Resource access management by the KasperskyOS kernel
The KasperskyOS kernel manages access to resources by using two mutually complementary methods at the same time: implementing the decisions of the Kaspersky Security Module and implementing a security mechanism based on object capabilities (OCap).
Each handle is associated with rights to access the resource identified by this handle, which means it is a capability in OCap terms. By receiving a handle, a process obtains the rights to access the resource that is identified by this handle. The kernel assigns rights to access system resources and verifies these rights when processes attempt to use the system resources. The kernel also prohibits the expansion of access rights when handles are transferred among processes (when a handle is transferred, access rights can only be restricted).
Resource access management by resource providers
Processes that manage user resources and manage access to those resources for other processes are referred to as resource providers. For example, drivers are resource providers. Resource providers manage access to resources by using two mutually complementary methods: implementing the decisions of the Kaspersky Security Module and using the OCap mechanism that is implemented by the KasperskyOS kernel.

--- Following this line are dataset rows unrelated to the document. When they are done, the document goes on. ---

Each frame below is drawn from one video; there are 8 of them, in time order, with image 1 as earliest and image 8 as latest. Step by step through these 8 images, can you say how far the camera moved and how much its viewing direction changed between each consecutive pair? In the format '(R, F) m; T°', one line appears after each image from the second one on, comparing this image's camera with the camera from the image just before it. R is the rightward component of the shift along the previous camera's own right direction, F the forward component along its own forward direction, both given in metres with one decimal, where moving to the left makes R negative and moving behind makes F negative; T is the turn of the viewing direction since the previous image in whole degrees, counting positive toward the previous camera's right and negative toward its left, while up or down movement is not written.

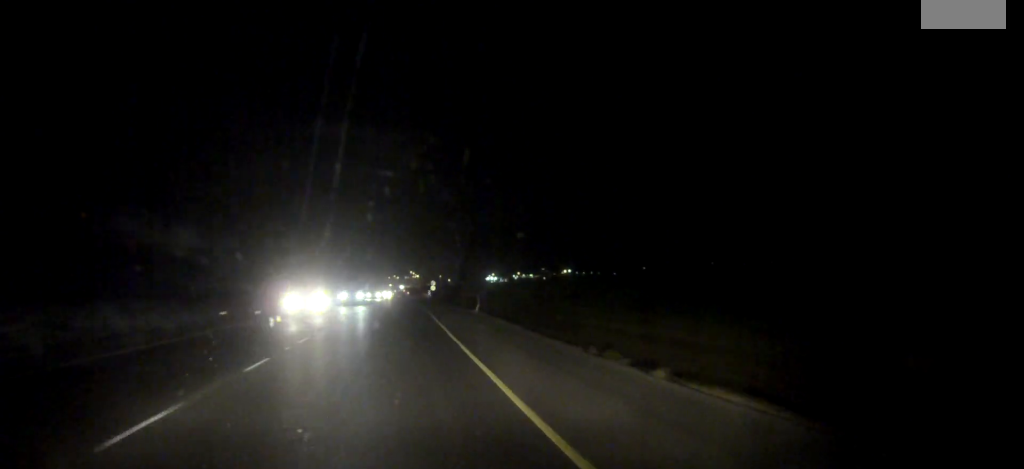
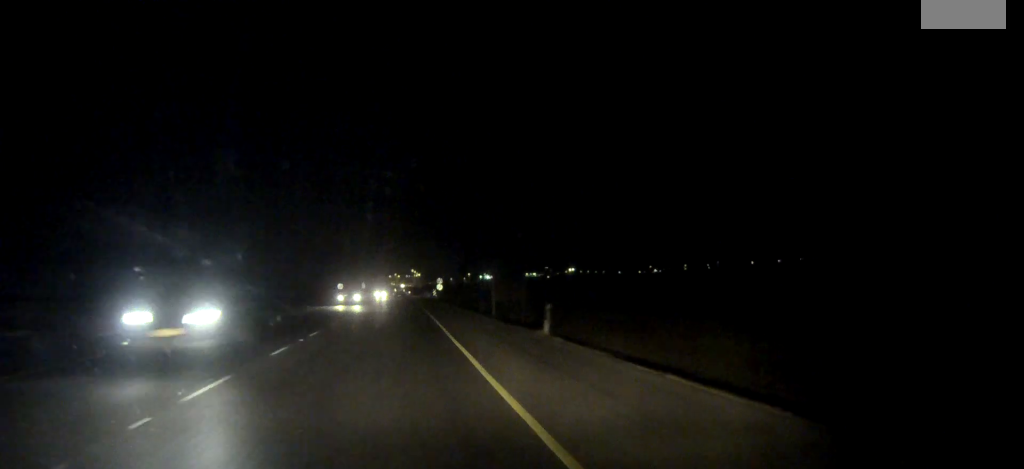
(0.0, +21.2) m; 0°
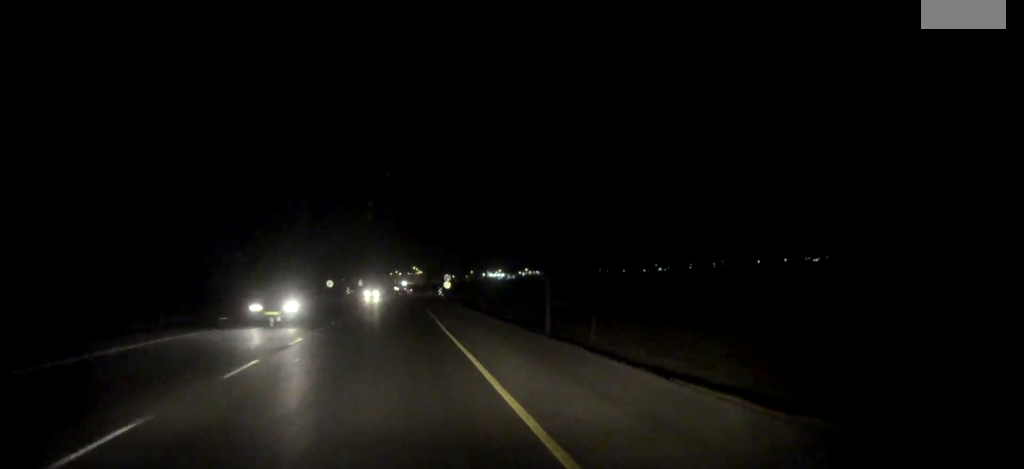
(0.0, +15.7) m; 0°
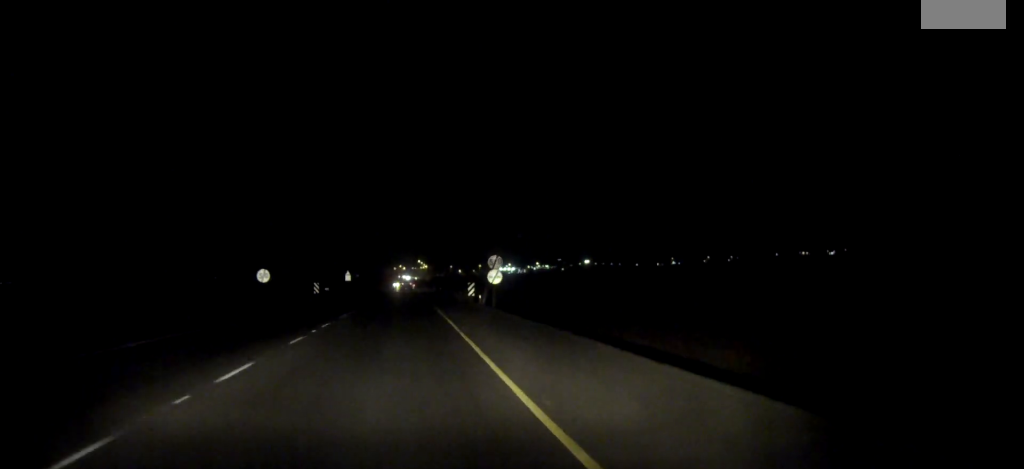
(-0.1, +42.7) m; 0°
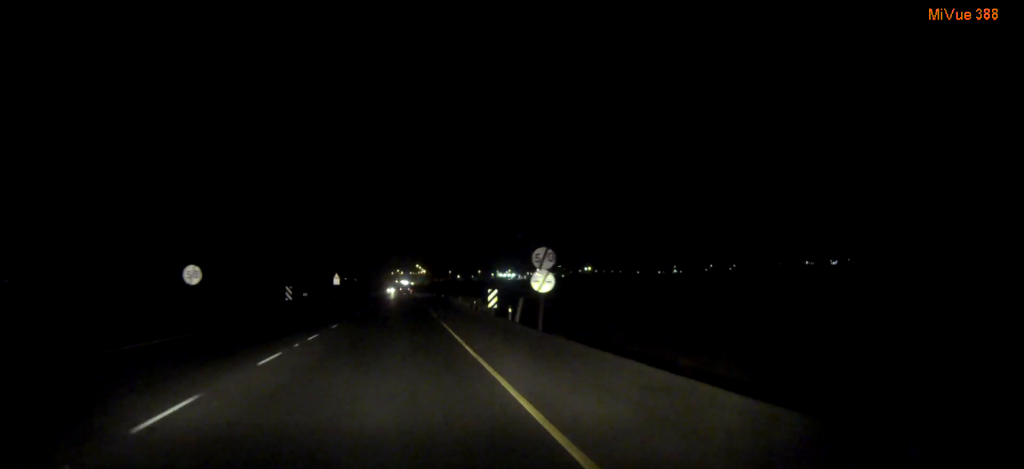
(0.0, +15.3) m; 0°
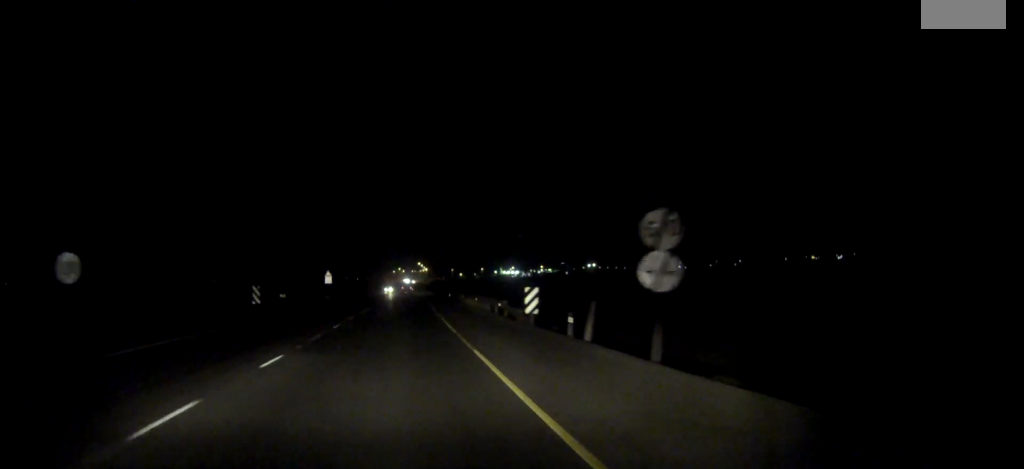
(0.0, +12.4) m; 0°
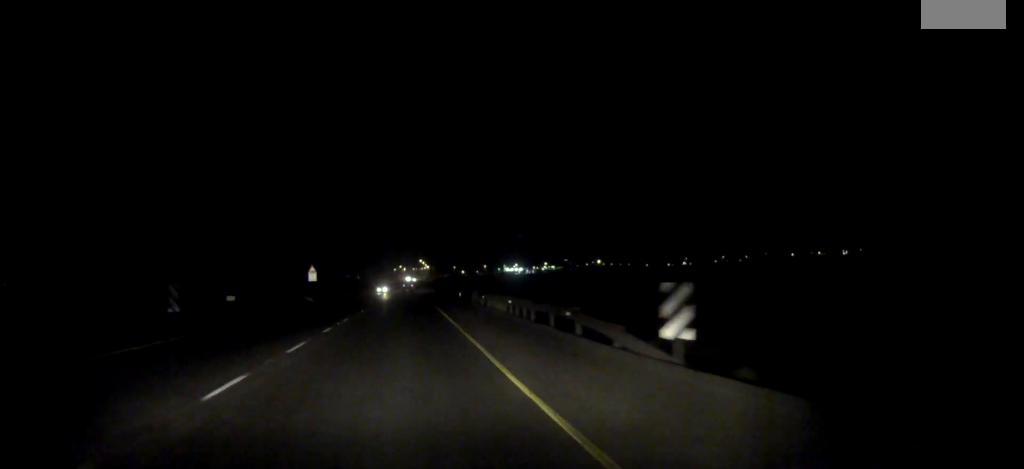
(-0.1, +15.6) m; 0°
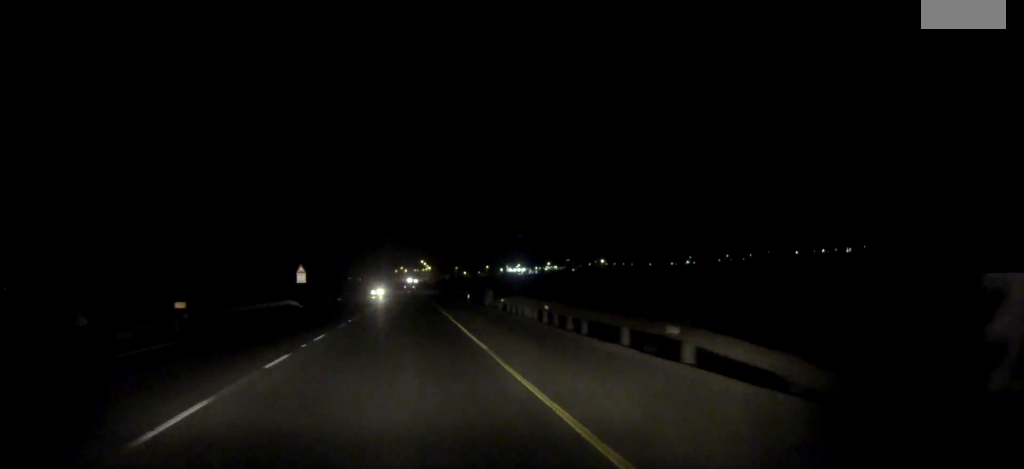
(0.0, +8.5) m; 0°

If a resource is queried by its name (for example, to open it), the security module cannot be used to manage access to the resource without the involvement of the resource provider. This is because the security module identifies a resource by its SID, not by its name. In such cases, the resource provider finds the resource handle based on the resource name and forwards this handle (together with other data, such as the required state of the resource) to the security module via the security interface (the security module receives the SID corresponding to the transferred handle). The security module makes a decision and returns it to the resource provider. The resource provider implements the decision of the security module.
Processes that use the resources provided by resource providers or by the kernel are referred to as resource consumers. When a resource consumer opens a user resource, the resource provider sends the consumer the handle associated with the rights to access this resource. In addition, the resource provider decides which specific rights for accessing the resource will be granted to the resource consumer. Before actions are taken on a resource requested by a consumer, the resource provider verifies that the consumer has sufficient rights. If the consumer does not have sufficient rights, the resource provider rejects the request of the consumer.